Mass education, co-education and dedication towards overall development of the region are the watchwords of the trust. At present the trust has four educational campuses at Deccan, Karvenagar, Lohagaon and Kalewadi.

The college located in Pune, Karvenagar Maharashtra. The college offers Bachelors in Engineering (B.E) in the branch of Computer, Electrical, Electronics and Telecommunication, Information Technology and Mechanical Engineering and Artificial Intelligence. The college also provides Masters in Business Management (MBA) and Computer Engineering.!.

==Introduction==
MMCOE is affiliated to Savitribai Phule Pune University accredited with 'A' grade by NAAC and recognized by DTE Maharashtra. and approved by AICTE New Delhi. MMCOE has been recognised as the BEST COLLEGE-2019 by SPPU. MMCOE is one feather in the cap of Marathwada Mitra Mandal Pune, from the academic year 2006 - 2007. It offers five engineering programmes (Computer, Electrical, E&TC, Information Technology, Mechanical and Artificial Intelligence) and two P.G programmes MBA and ME(Computer Engineering). It houses 2000+ students and 200 staff members. Along with the focus on core academics, college also takes care of overall personality development of the students. The college has an active robotics cell, NCC, Training and Placement cell etc. The students are motivated to actively participate in co-curricular and extra-curricular activities. They have brought many laurels to the Institute in the events such as Vinodottam Karandak, Firodiya Karandak, Zest, Dexterity etc.
Two departments Electrical Engineering & Mechanical Engineering Departments of MMCOE got accredited by National Board of Accreditation (NBA)

==Courses offered==
- Computer Engineering
- Mechanical Engineering
- Information Technology
- Electronics and Telecommunication
- Electrical Engineering
- Artificial Intelligence
- Master of Business Administration (MBA)
- Master in Computer Engineering

==Centre of Excellence==
- Center of Excellence in High Performance Computing
HPC is a multidisciplinary field, combining digital electronics, computer architecture, system software, programming languages, algorithms and computational techniques in parallel computing environments to model complex systems or to control transactional computing services. HPC was most frequently associated with scientific research; however, HPC has been applied recently to business, government and military uses of cluster-based computing strategies, such as data warehouses transaction processing, utility computing.
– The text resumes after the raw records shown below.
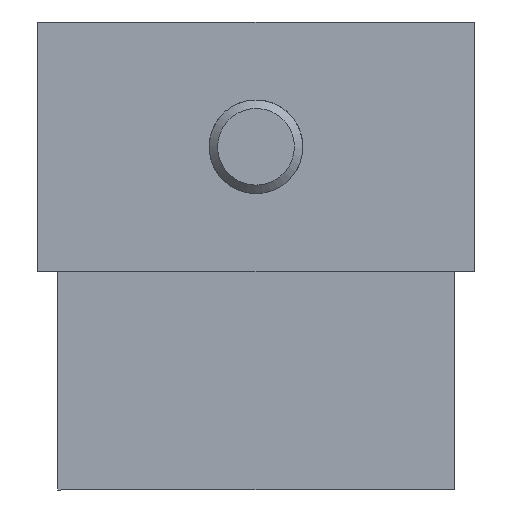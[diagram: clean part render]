
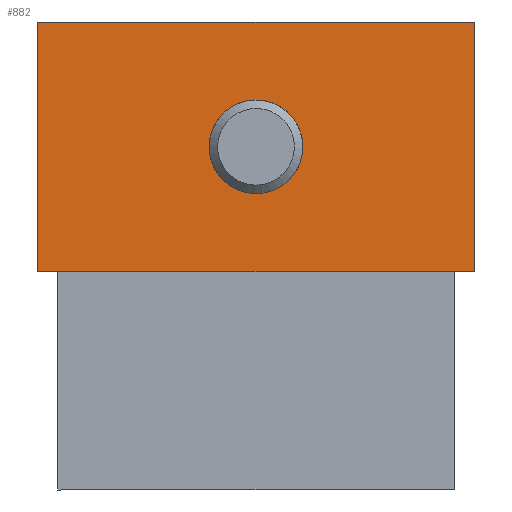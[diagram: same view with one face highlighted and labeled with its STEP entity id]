
A CAD part, front view. The second image highlights one B-rep face of the part: STEP entity #882.
In plain terms, the highlighted planar face has unit normal (0, -1, 0).
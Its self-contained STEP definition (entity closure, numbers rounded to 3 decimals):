
#44=CIRCLE('',#937,1.5);
#186=ORIENTED_EDGE('',*,*,#275,.T.);
#187=ORIENTED_EDGE('',*,*,#282,.F.);
#188=ORIENTED_EDGE('',*,*,#283,.F.);
#189=ORIENTED_EDGE('',*,*,#284,.F.);
#190=ORIENTED_EDGE('',*,*,#285,.F.);
#275=EDGE_CURVE('',#334,#334,#44,.T.);
#282=EDGE_CURVE('',#341,#342,#399,.T.);
#283=EDGE_CURVE('',#343,#341,#400,.T.);
#284=EDGE_CURVE('',#344,#343,#401,.T.);
#285=EDGE_CURVE('',#342,#344,#402,.T.);
#334=VERTEX_POINT('',#1265);
#341=VERTEX_POINT('',#1283);
#342=VERTEX_POINT('',#1284);
#343=VERTEX_POINT('',#1286);
#344=VERTEX_POINT('',#1288);
#399=LINE('',#1282,#461);
#400=LINE('',#1285,#462);
#401=LINE('',#1287,#463);
#402=LINE('',#1289,#464);
#461=VECTOR('',#1107,1000.);
#462=VECTOR('',#1108,1000.);
#463=VECTOR('',#1109,1000.);
#464=VECTOR('',#1110,1000.);
#507=EDGE_LOOP('',(#186));
#508=EDGE_LOOP('',(#187,#188,#189,#190));
#553=FACE_BOUND('',#507,.T.);
#554=FACE_BOUND('',#508,.T.);
#585=PLANE('',#943);
#882=ADVANCED_FACE('',(#553,#554),#585,.F.);
#937=AXIS2_PLACEMENT_3D('',#1264,#1089,#1090);
#943=AXIS2_PLACEMENT_3D('',#1281,#1105,#1106);
#1089=DIRECTION('',(0.,1.,0.));
#1090=DIRECTION('',(0.,0.,1.));
#1105=DIRECTION('',(0.,1.,0.));
#1106=DIRECTION('',(0.,0.,1.));
#1107=DIRECTION('',(0.,0.,1.));
#1108=DIRECTION('',(-1.,0.,0.));
#1109=DIRECTION('',(0.,0.,-1.));
#1110=DIRECTION('',(1.,0.,0.));
#1264=CARTESIAN_POINT('',(0.,0.,0.));
#1265=CARTESIAN_POINT('',(0.,0.,1.5));
#1281=CARTESIAN_POINT('',(0.,0.,0.));
#1282=CARTESIAN_POINT('',(-7.,0.,-5.));
#1283=CARTESIAN_POINT('',(-7.,0.,-4.));
#1284=CARTESIAN_POINT('',(-7.,0.,4.));
#1285=CARTESIAN_POINT('',(7.,0.,-4.));
#1286=CARTESIAN_POINT('',(7.,0.,-4.));
#1287=CARTESIAN_POINT('',(7.,0.,5.));
#1288=CARTESIAN_POINT('',(7.,0.,4.));
#1289=CARTESIAN_POINT('',(-7.,0.,4.));
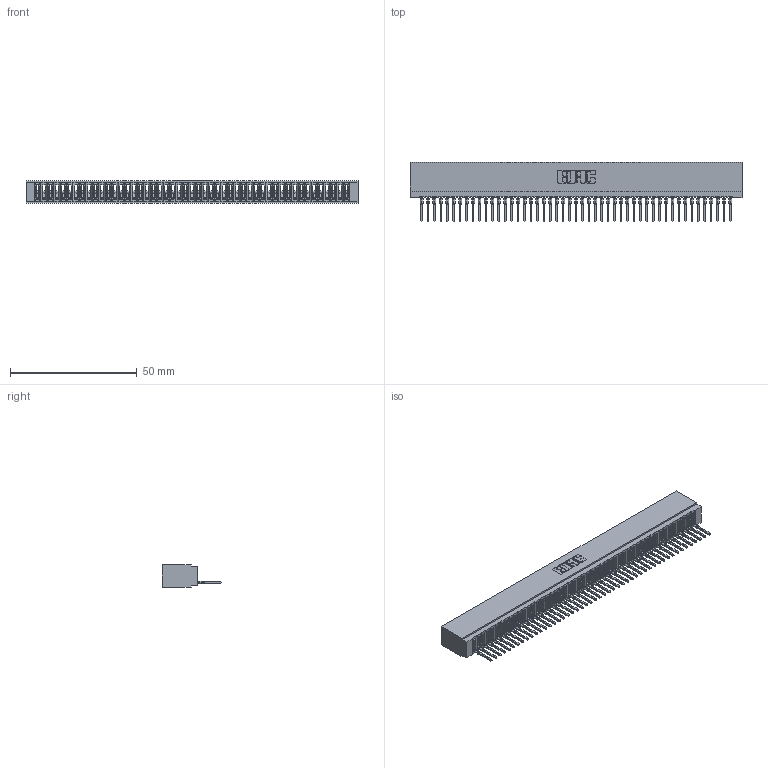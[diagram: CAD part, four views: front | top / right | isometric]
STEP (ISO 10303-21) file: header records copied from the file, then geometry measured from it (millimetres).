
FILE_DESCRIPTION (( 'STEP AP203' ), '1' );
FILE_NAME ('725-049-522-101.STEP', '2026-03-05T23:13:04', ( '' ), ( '' ), 'SwSTEP 2.0', 'SolidWorks 2023', '' );
FILE_SCHEMA (( 'CONFIG_CONTROL_DESIGN' ));
Length unit declared in the file: millimetre
Products named in the file (3): 725-049-522-101; 725 Part_Insulator Option - 01; 745-292-001_522
Assembly tree (50 placements, depth 2):
  725-049-522-101
    725 Part_Insulator Option - 01
    745-292-001_522  x49
Bounding box: 131.06 x 23.51 x 8.89 mm (x, y, z)
Volume: 9930.1 mm3; surface area: 19367.4 mm2
Topology: 50 solids, 50 shells, 5583 faces, 15346 edges, 9674 vertices
Faces by surface type: plane 3338, bspline 980, cylinder 971, torus 294
Entity records: 79933 total; most frequent: CARTESIAN_POINT 14586, ORIENTED_EDGE 14084, DIRECTION 12202, EDGE_CURVE 7042, VECTOR 6566, LINE 6566, VERTEX_POINT 4490, AXIS2_PLACEMENT_3D 2818
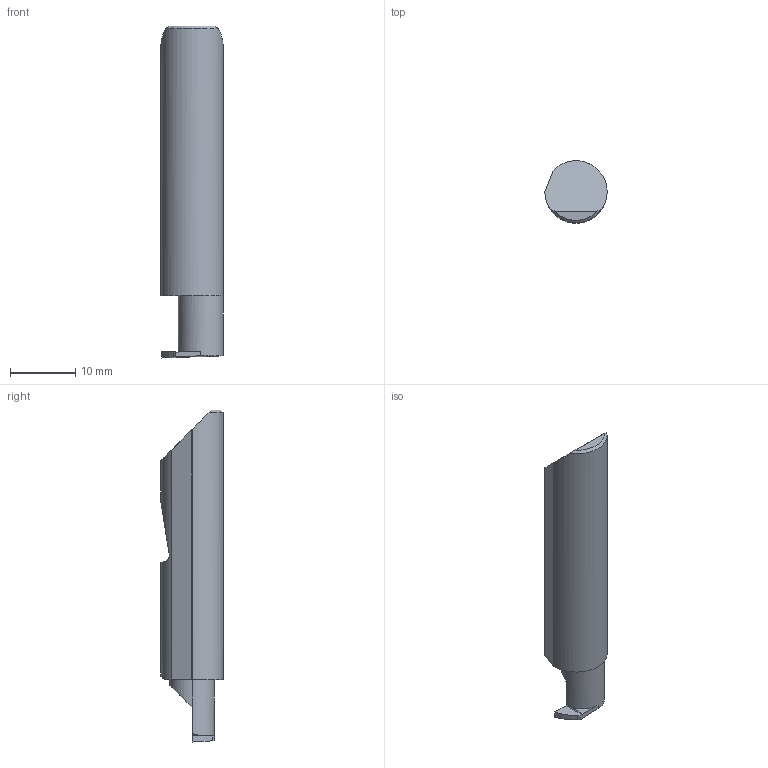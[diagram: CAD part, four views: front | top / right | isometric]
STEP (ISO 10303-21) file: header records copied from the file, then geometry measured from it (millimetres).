
FILE_DESCRIPTION (( 'STEP AP214' ), '1' );
FILE_NAME ('Micro_QRR-039-375-370X.STEP', '2021-09-08T21:45:30', ( '' ), ( '' ), 'SwSTEP 2.0', 'SolidWorks 2020', '' );
FILE_SCHEMA (( 'AUTOMOTIVE_DESIGN' ));
Length unit declared in the file: inch
Products named in the file (1): Micro_QRR-039-375-370X
Bounding box: 9.53 x 9.53 x 50.8 mm (x, y, z)
Volume: 2900.2 mm3; surface area: 1482.8 mm2
Topology: 1 solids, 1 shells, 24 faces, 58 edges, 37 vertices
Faces by surface type: plane 15, cylinder 8, cone 1
Entity records: 774 total; most frequent: CARTESIAN_POINT 207, ORIENTED_EDGE 116, DIRECTION 102, EDGE_CURVE 58, VERTEX_POINT 37, AXIS2_PLACEMENT_3D 36, VECTOR 30, LINE 30
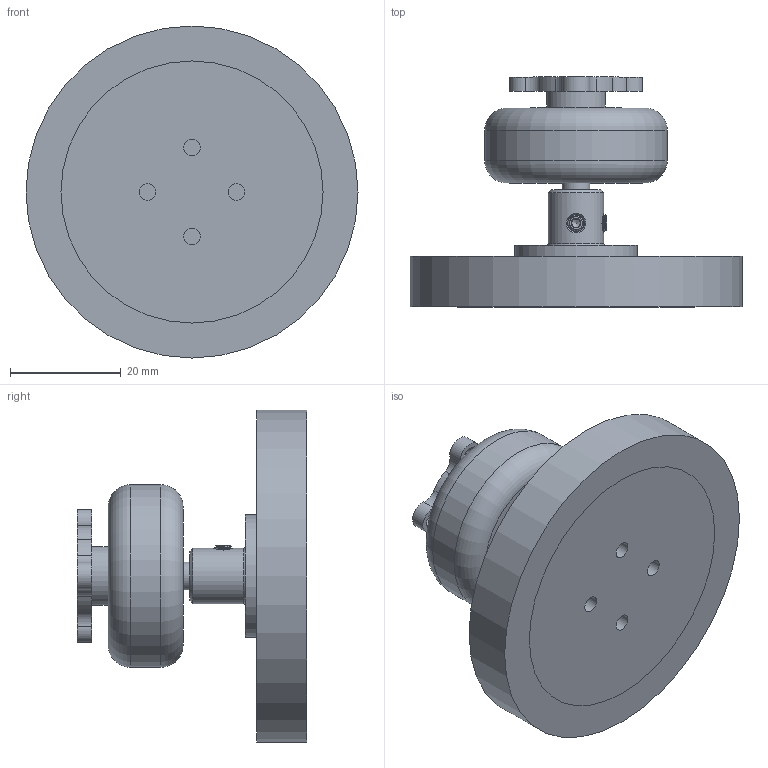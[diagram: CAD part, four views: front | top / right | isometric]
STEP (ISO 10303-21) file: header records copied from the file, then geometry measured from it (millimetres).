
FILE_DESCRIPTION(/* description */ (''),/* implementation_level */ '2;1');
FILE_NAME(/* name */ 'Roda para Acoplador de eixo 2026.step',/* time_stamp */ '2026-02-18T14:06:10-03:00',/* author */ (''),/* organization */ (''),/* preprocessor_version */ 'ST-DEVELOPER v20.1',/* originating_system */ 'Autodesk Translation Framework v14.24.0.0',/* authorisation */ '');
FILE_SCHEMA (('AUTOMOTIVE_DESIGN { 1 0 10303 214 3 1 1 }'));
Length unit declared in the file: millimetre
Products named in the file (4): Roda para Acoplador de eixo; 5mm Rigid Flange Coupling; 91390A097; Surpass Hobby BAT 1700Kv
Assembly tree (4 placements, depth 3):
  Roda para Acoplador de eixo
    5mm Rigid Flange Coupling
      91390A097  x2
    Surpass Hobby BAT 1700Kv
Bounding box: 59.85 x 41.42 x 59.85 mm (x, y, z)
Volume: 38362.5 mm3; surface area: 18331.2 mm2
Topology: 6 solids, 6 shells, 148 faces, 345 edges, 212 vertices
Faces by surface type: cylinder 66, plane 39, cone 34, bspline 6, torus 3
Full cylindrical faces by diameter (mm): 2.35 x10, 2.529 x2, 3 x18, 5 x2, 5.5 x1, 10 x1, 10.607 x1, 22 x1, 32.9 x1, 47.25 x4, 59.85 x1
Entity records: 5342 total; most frequent: CARTESIAN_POINT 2650, DIRECTION 559, ORIENTED_EDGE 506, EDGE_CURVE 253, AXIS2_PLACEMENT_3D 235, VERTEX_POINT 158, EDGE_LOOP 149, CIRCLE 120
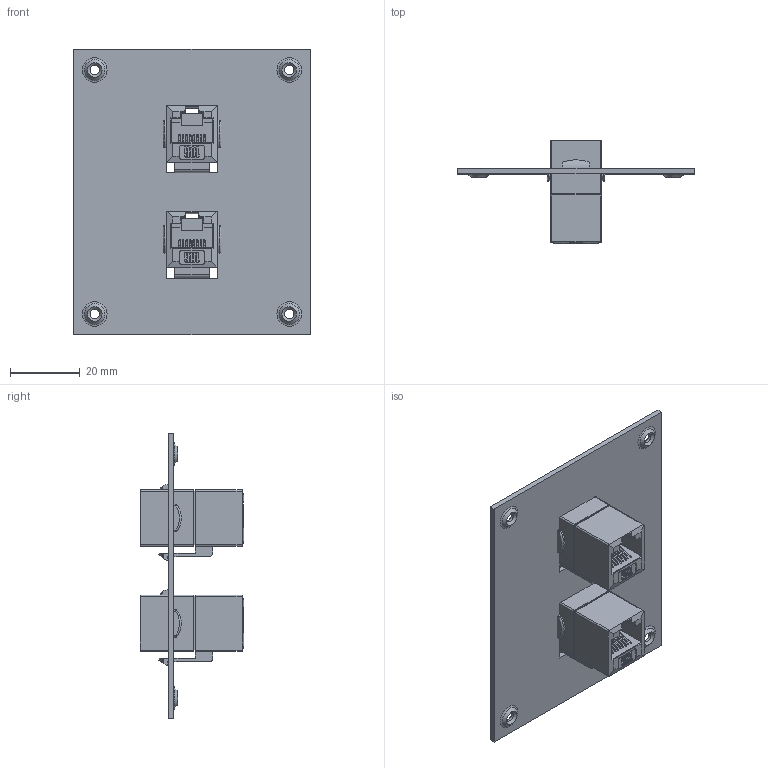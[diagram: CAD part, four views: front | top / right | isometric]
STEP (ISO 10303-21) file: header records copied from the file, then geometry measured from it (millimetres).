
FILE_DESCRIPTION (( 'STEP AP214' ), '1' );
FILE_NAME ('USP2MC6A.STEP', '2018-04-25T13:49:08', ( '' ), ( '' ), 'SwSTEP 2.0', 'SolidWorks 2017', '' );
FILE_SCHEMA (( 'AUTOMOTIVE_DESIGN' ));
Length unit declared in the file: inch
Products named in the file (3): TDG1026KC6A_no label; 1AR03-003; USP2MC6A
Assembly tree (3 placements, depth 2):
  USP2MC6A
    1AR03-003
    TDG1026KC6A_no label  x2
Bounding box: 68.07 x 29.8 x 82.04 mm (x, y, z)
Volume: 17971 mm3; surface area: 18555.8 mm2
Topology: 3 solids, 3 shells, 556 faces, 1500 edges, 976 vertices
Faces by surface type: plane 356, bspline 100, cylinder 68, cone 12, torus 12, sphere 8
Full cylindrical faces by diameter (mm): 2.705 x4
Entity records: 11372 total; most frequent: CARTESIAN_POINT 4025, ORIENTED_EDGE 1492, DIRECTION 1258, EDGE_CURVE 746, LINE 544, VECTOR 544, VERTEX_POINT 506, EDGE_LOOP 396
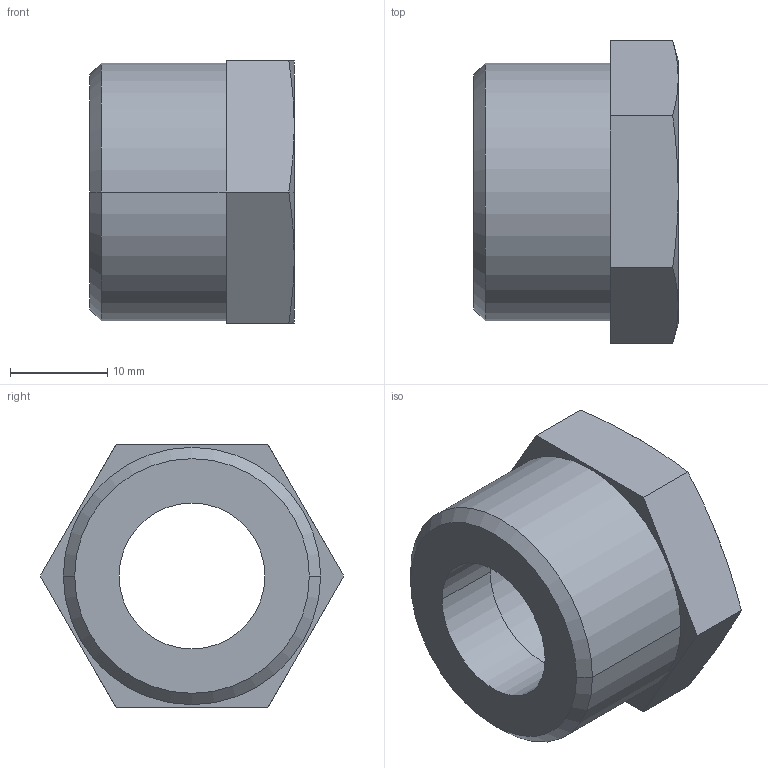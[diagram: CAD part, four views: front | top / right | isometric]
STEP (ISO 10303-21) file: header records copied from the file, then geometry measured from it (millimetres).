
FILE_DESCRIPTION(/* description */ (''),/* implementation_level */ '2;1');
FILE_NAME(/* name */ '#24_3-4X1-2.stp',/* time_stamp */ '2018-05-02T14:34:16+10:00',/* author */ ('daud'),/* organization */ ('TraceParts S.A.'),/* preprocessor_version */ 'ST-DEVELOPER v16.13',/* originating_system */ 'Autodesk Inventor 2018',/* authorisation */ '');
FILE_SCHEMA (('AUTOMOTIVE_DESIGN { 1 0 10303 214 3 1 1 }'));
Length unit declared in the file: millimetre
Products named in the file (1): #826
Bounding box: 21 x 31.18 x 27 mm (x, y, z)
Volume: 6947.2 mm3; surface area: 3763.9 mm2
Topology: 1 solids, 1 shells, 28 faces, 60 edges, 36 vertices
Faces by surface type: cone 12, plane 10, cylinder 6
Entity records: 818 total; most frequent: CARTESIAN_POINT 149, DIRECTION 130, ORIENTED_EDGE 120, EDGE_CURVE 60, AXIS2_PLACEMENT_3D 53, VERTEX_POINT 36, EDGE_LOOP 32, STYLED_ITEM 29
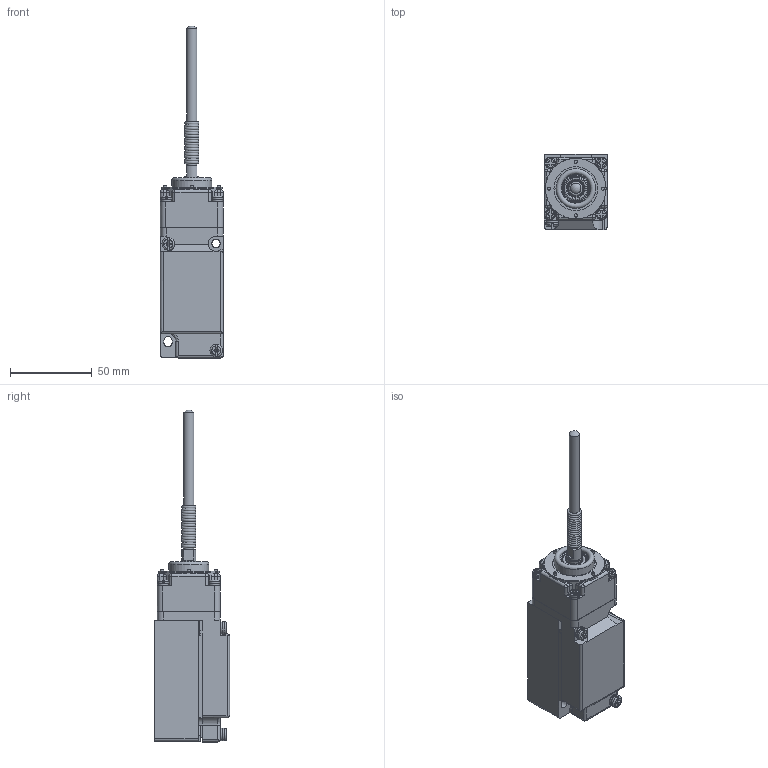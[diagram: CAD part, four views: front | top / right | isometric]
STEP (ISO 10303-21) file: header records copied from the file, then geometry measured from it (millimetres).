
FILE_DESCRIPTION (( 'STEP AP214' ), '1' );
FILE_NAME ('F25AW2.STEP', '2019-08-07T21:48:21', ( '' ), ( '' ), 'SwSTEP 2.0', 'SolidWorks 2018', '' );
FILE_SCHEMA (( 'AUTOMOTIVE_DESIGN' ));
Length unit declared in the file: inch
Products named in the file (1): F25AW2
Bounding box: 38.61 x 45.95 x 202.99 mm (x, y, z)
Volume: 165473.1 mm3; surface area: 50461.1 mm2
Topology: 31 solids, 31 shells, 731 faces, 1751 edges, 1076 vertices
Faces by surface type: cone 274, plane 247, cylinder 136, bspline 37, torus 35, sphere 2
Full cylindrical faces by diameter (mm): 1.956 x12, 3.556 x4, 4.496 x4, 4.826 x5, 5.08 x3, 5.842 x2, 5.893 x2, 6.35 x8, 6.604 x4, 7.62 x2, 7.671 x2, 8.636 x2, 9.398 x1, 10.16 x1, 23.368 x1, 24.282 x1, 26.772 x2, 37.033 x3
Entity records: 23126 total; most frequent: CARTESIAN_POINT 7789, DIRECTION 3028, ORIENTED_EDGE 2816, EDGE_CURVE 1408, AXIS2_PLACEMENT_3D 1168, EDGE_LOOP 986, VERTEX_POINT 964, FACE_OUTER_BOUND 798
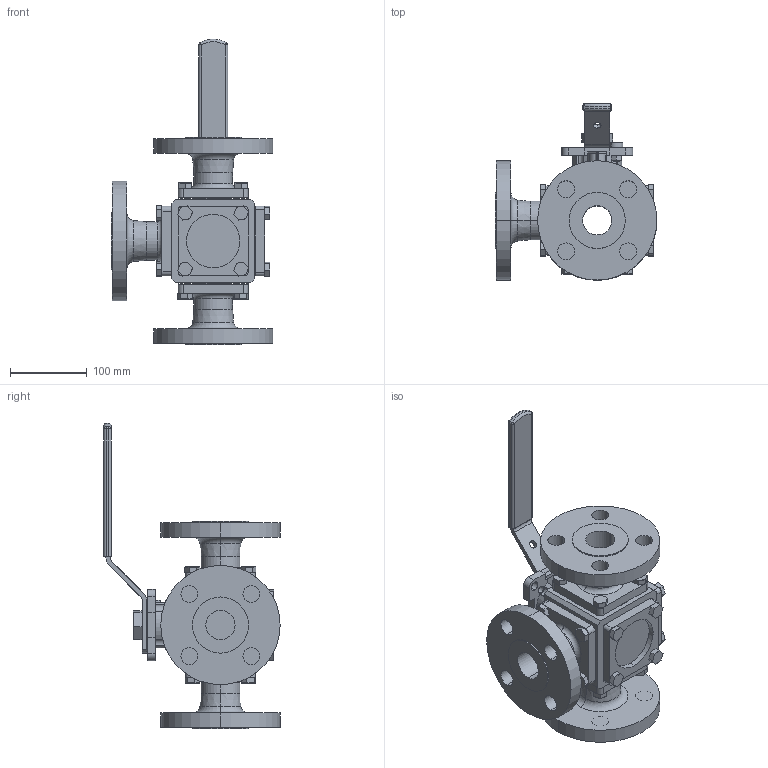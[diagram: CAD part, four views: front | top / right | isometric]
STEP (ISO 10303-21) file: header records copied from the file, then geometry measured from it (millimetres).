
FILE_DESCRIPTION (( 'STEP AP214' ), '1' );
FILE_NAME ('33-F3-0150-XXX.step', '2019-09-30T20:16:08', ( '' ), ( '' ), 'SwSTEP 2.0', 'SolidWorks 2019', '' );
FILE_SCHEMA (( 'AUTOMOTIVE_DESIGN' ));
Length unit declared in the file: millimetre
Products named in the file (2): 33-F3-0150-XXX
Bounding box: 210.72 x 229.58 x 397.81 mm (x, y, z)
Surface area: 362804.8 mm2 (no closed solid volume)
Topology: 0 solids, 39 shells, 571 faces, 1586 edges, 1045 vertices
Faces by surface type: plane 397, cylinder 137, torus 21, cone 10, sphere 4, bspline 2
Entity records: 24426 total; most frequent: CARTESIAN_POINT 3401, DIRECTION 3151, ORIENTED_EDGE 2690, EDGE_CURVE 1582, LINE 1121, VECTOR 1121, VERTEX_POINT 1045, AXIS2_PLACEMENT_3D 1015

- Center of Excellence in Automation & Robotics (COEA&R)
A center of excellence (COE) is a laboratory or shared facility that provides training/ support, provides platform for students and researchers to do their research work. Center of Excellence in Automation and Robotics in Department of Mechanical Engineering is a resource formed to serve for academics and industry persons in the field of Automation and Robotics. The center's aim is to create technically sophisticated manpower for automation and robotics research, including inter-disciplinary network. In addition to the research activities, COEA&R is also involved in developing technologies that can be commercially availed by the industries.

- Center of Excellence in Advanced embedded Systems and Signal Processing
To provide the students with State-of-Art training environment so that E&TC graduates will be able to provide solutions to industry relevant problems in Embedded Systems and Signal Processing domain

- Center of Excellence in Automation & Control
Projects on conventional and digital automation need to involve people from discipline like Computer, Electrical, Mechanical, Agriculture and Electronics. These projects include hardware and software development, training curriculum etc.

- Center of Excellence in Computational Intelligence
Computational Intelligence is the ability of a computer to learn a specific task from data or experimental observation. Generally, computational intelligence is a set of nature-inspired computational methodologies and approaches to address complex real-world problems to which mathematical or traditional modeling can be useless for a few reasons: the processes might be too complex for mathematical reasoning, it might contain some uncertainties during the process, or the process might simply be stochastic in nature.